What is being asked:
Copy the entries exactly. Leave out any pictures.

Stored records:
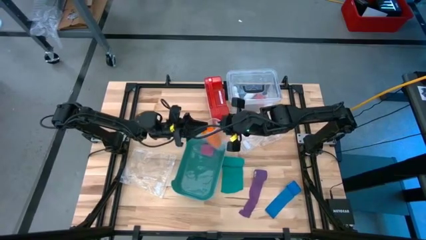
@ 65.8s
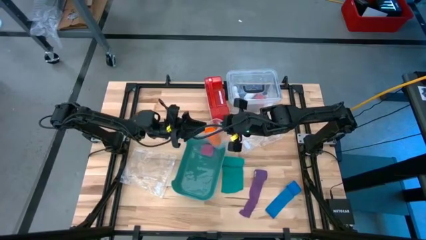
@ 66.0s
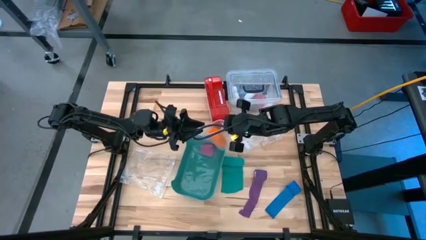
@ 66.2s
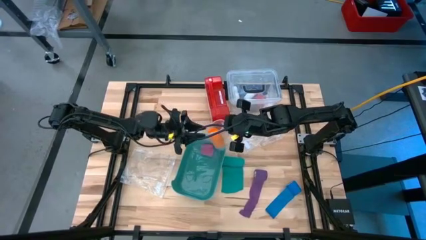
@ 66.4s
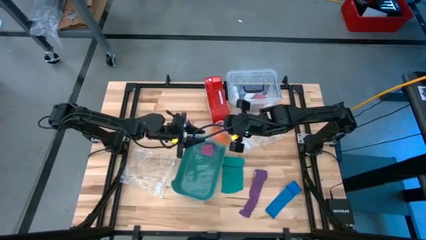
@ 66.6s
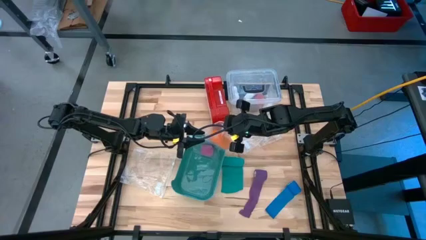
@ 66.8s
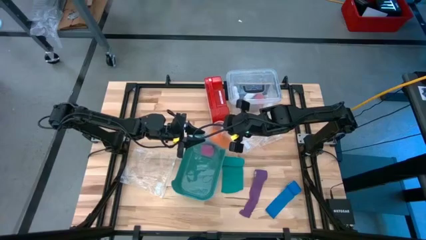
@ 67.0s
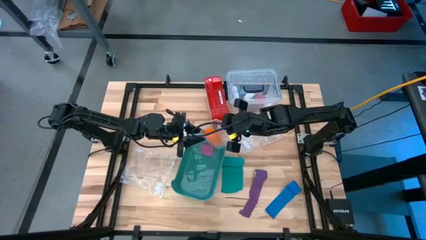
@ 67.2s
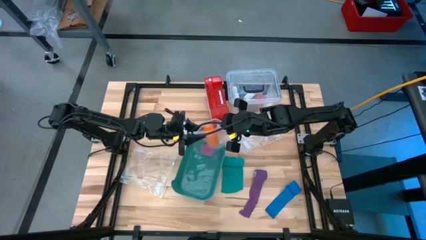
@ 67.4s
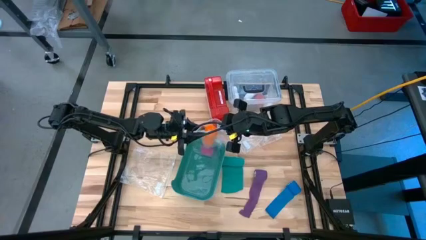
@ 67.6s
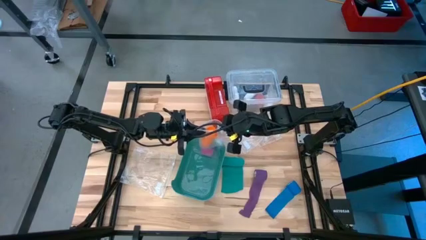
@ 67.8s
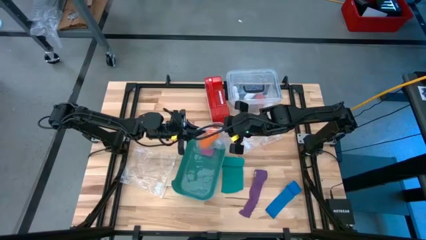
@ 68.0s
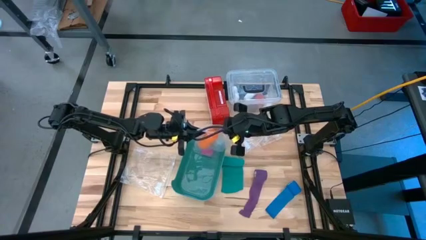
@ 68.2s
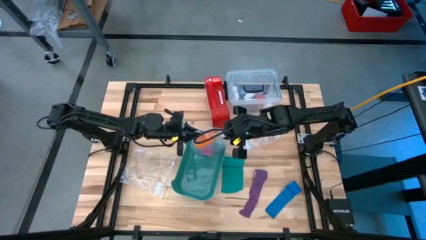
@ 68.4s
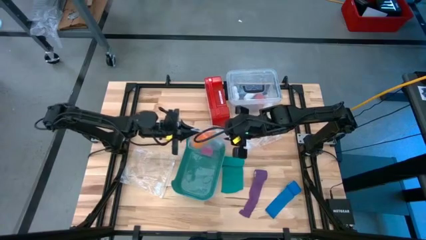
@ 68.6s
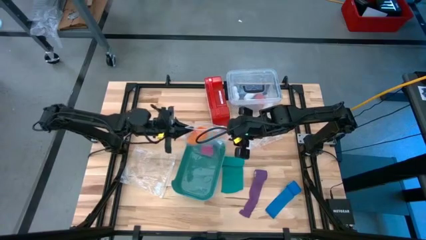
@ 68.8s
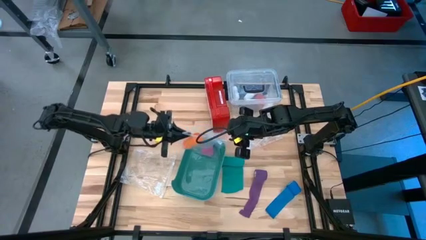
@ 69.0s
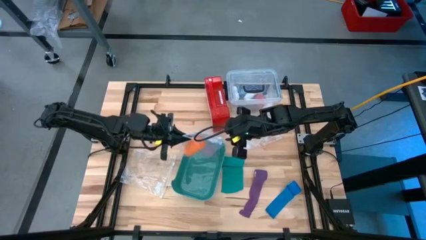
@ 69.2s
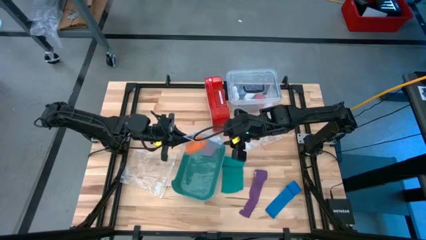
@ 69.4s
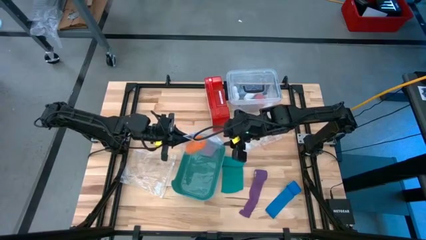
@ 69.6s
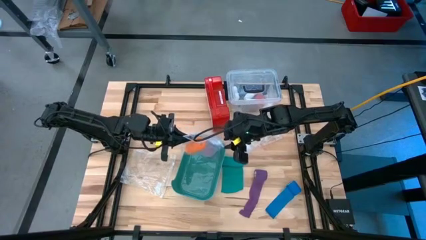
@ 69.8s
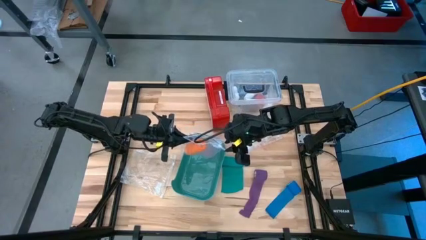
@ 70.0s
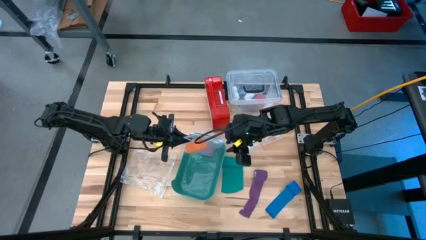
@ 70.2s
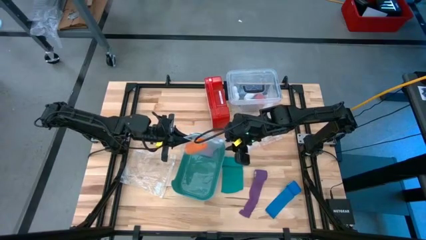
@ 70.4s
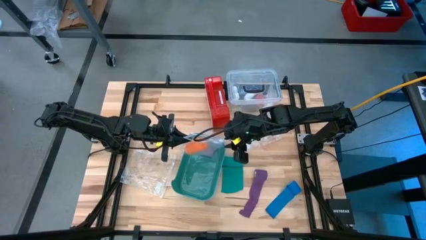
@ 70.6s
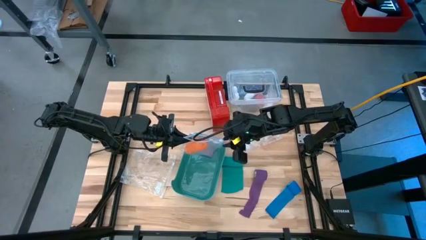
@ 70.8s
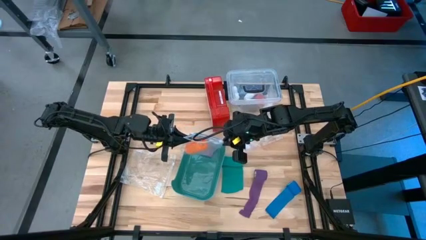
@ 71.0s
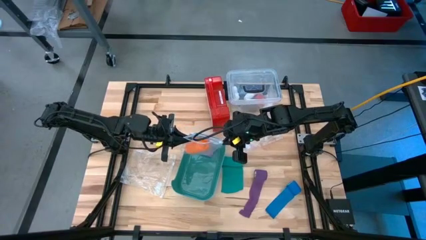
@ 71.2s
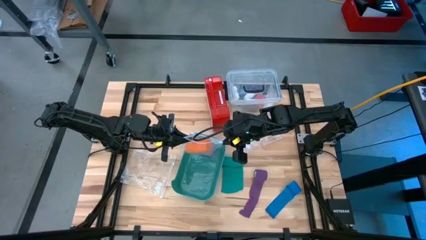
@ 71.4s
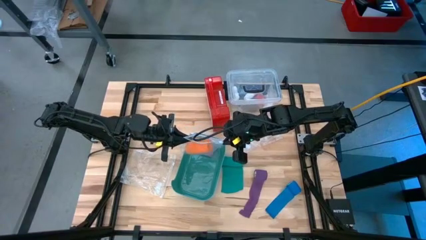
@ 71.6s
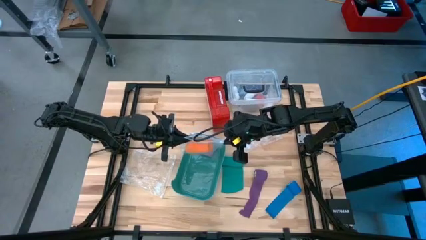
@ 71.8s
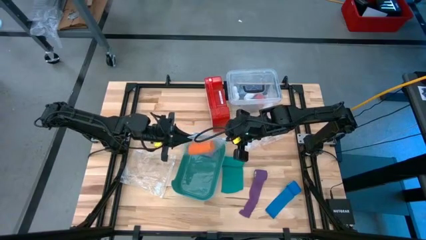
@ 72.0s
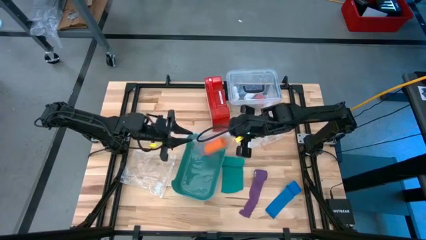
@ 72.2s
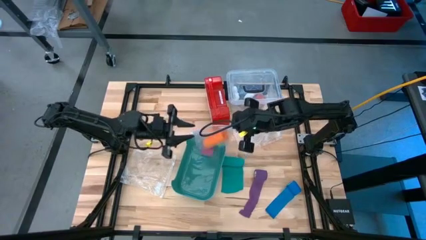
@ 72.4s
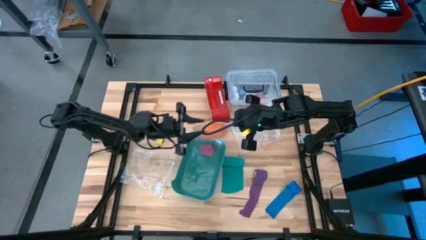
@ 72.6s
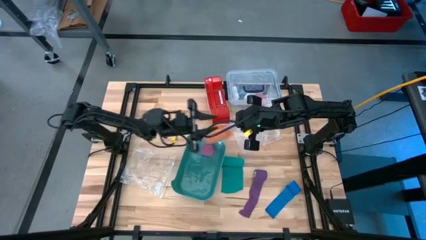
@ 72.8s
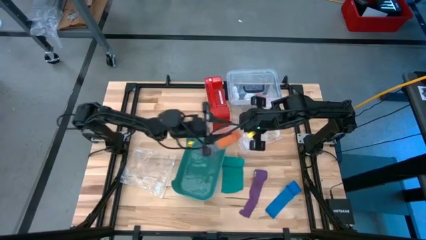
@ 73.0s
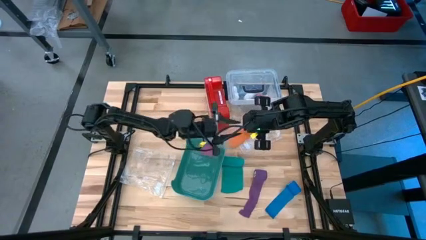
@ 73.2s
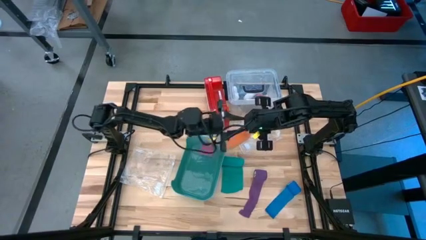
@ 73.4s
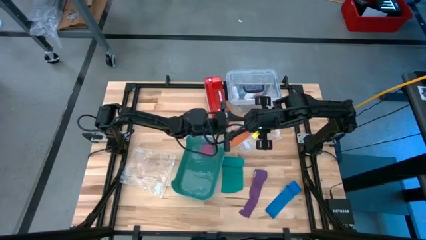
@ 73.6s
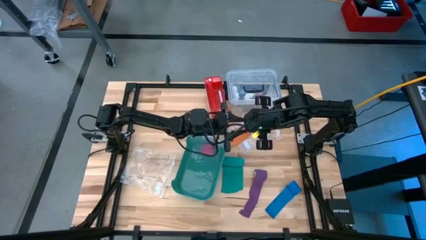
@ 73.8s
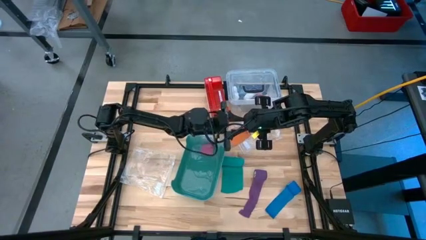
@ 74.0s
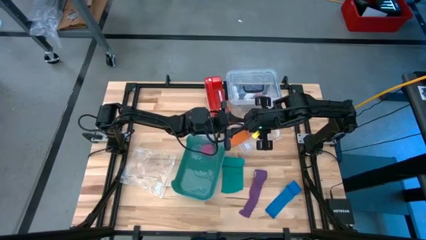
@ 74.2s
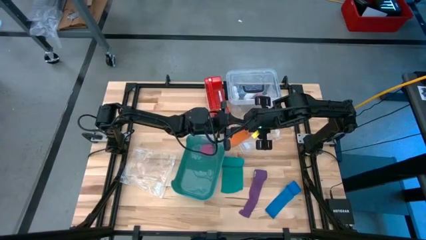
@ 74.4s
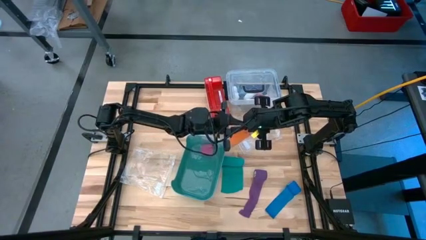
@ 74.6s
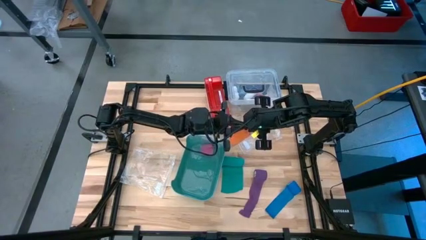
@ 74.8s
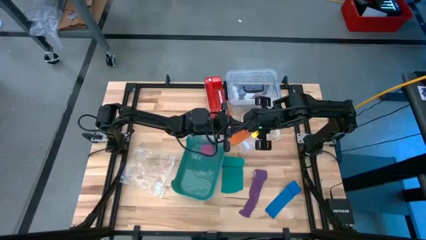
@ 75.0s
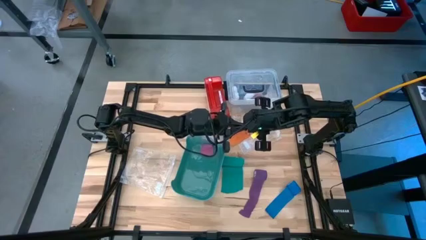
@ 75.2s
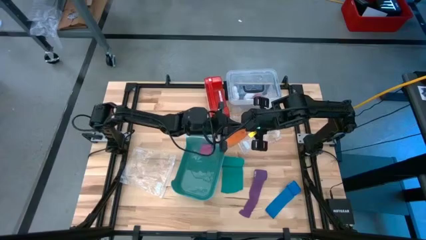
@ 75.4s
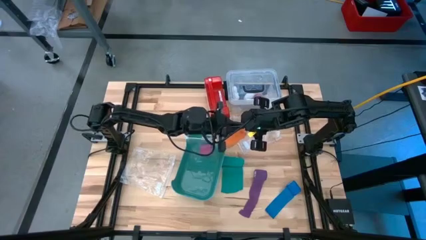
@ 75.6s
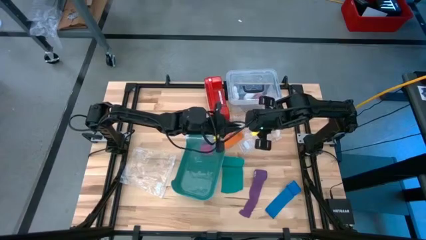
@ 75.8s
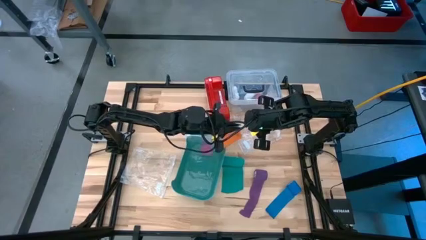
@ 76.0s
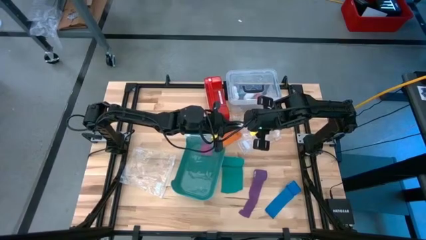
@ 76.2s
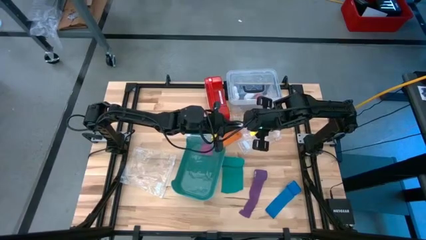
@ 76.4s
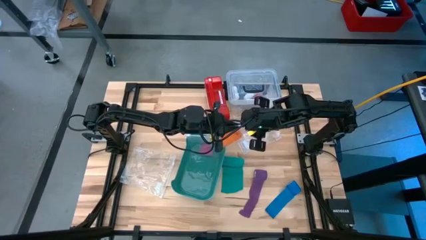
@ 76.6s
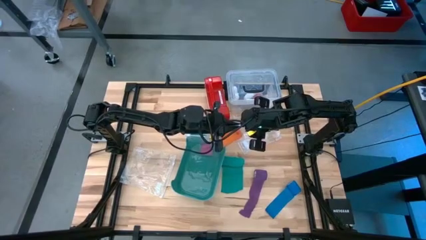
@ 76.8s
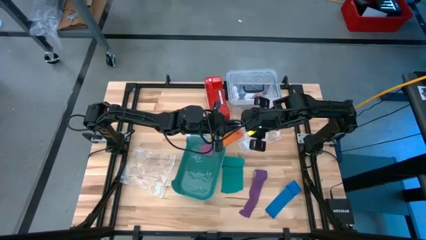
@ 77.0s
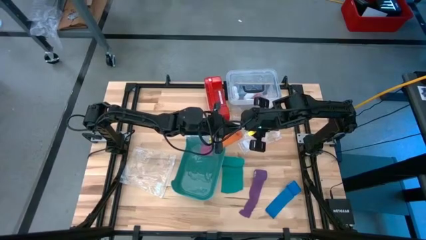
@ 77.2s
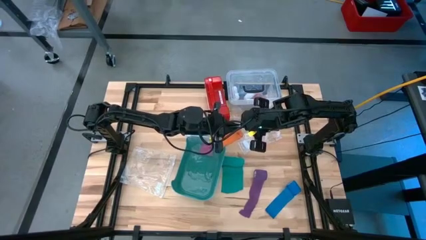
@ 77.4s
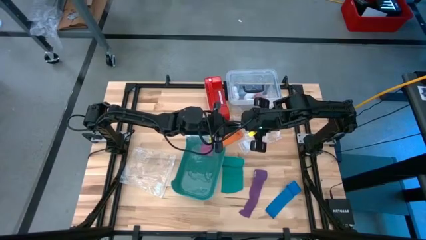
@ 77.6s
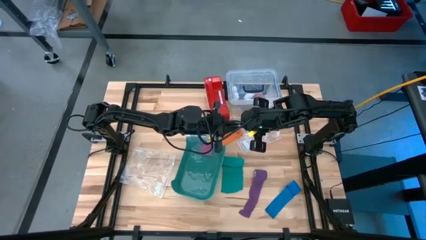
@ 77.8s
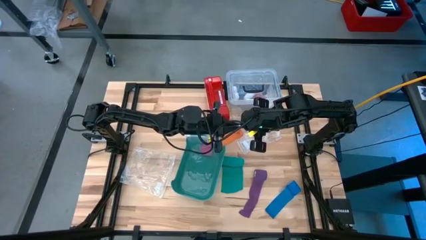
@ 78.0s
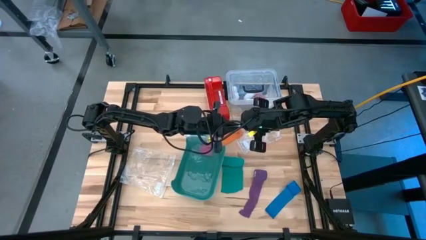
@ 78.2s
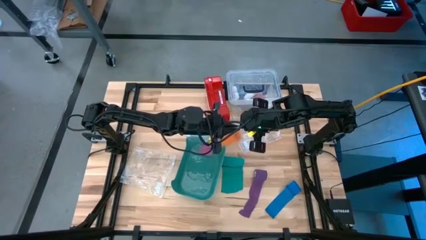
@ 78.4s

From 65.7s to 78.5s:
Task: Roll bandage
Close the transparent zip bag

Solution below:
@ 65.8s
@ 66.0s
@ 66.2s
@ 66.4s
@ 66.6s
@ 66.8s
@ 67.0s
@ 67.2s
@ 67.4s
@ 67.6s
@ 67.8s
@ 68.0s
@ 68.2s
@ 68.4s
@ 68.6s
@ 68.8s
@ 69.0s
@ 69.2s
@ 69.4s
@ 69.6s
@ 69.8s
@ 70.0s
@ 70.2s
@ 70.4s
@ 70.6s
@ 70.8s
@ 71.0s
@ 71.2s
@ 71.4s
@ 71.6s
@ 71.8s
@ 72.0s
@ 72.2s
@ 72.4s
@ 72.6s
@ 72.8s
@ 73.0s
@ 73.2s
@ 73.4s
@ 73.6s
@ 73.8s
@ 74.0s
@ 74.2s
@ 74.4s
@ 74.6s
@ 74.8s
@ 75.0s
@ 75.2s
@ 75.4s
@ 75.6s
@ 75.8s
@ 76.0s
@ 76.2s
@ 76.4s
@ 76.6s
@ 76.8s
@ 77.0s
@ 77.2s
@ 77.4s
@ 77.6s
@ 77.8s
@ 78.0s
@ 78.2s
@ 78.4s

From 65.7s to 78.5s:
Task: Roll bandage
Close the transparent zip bag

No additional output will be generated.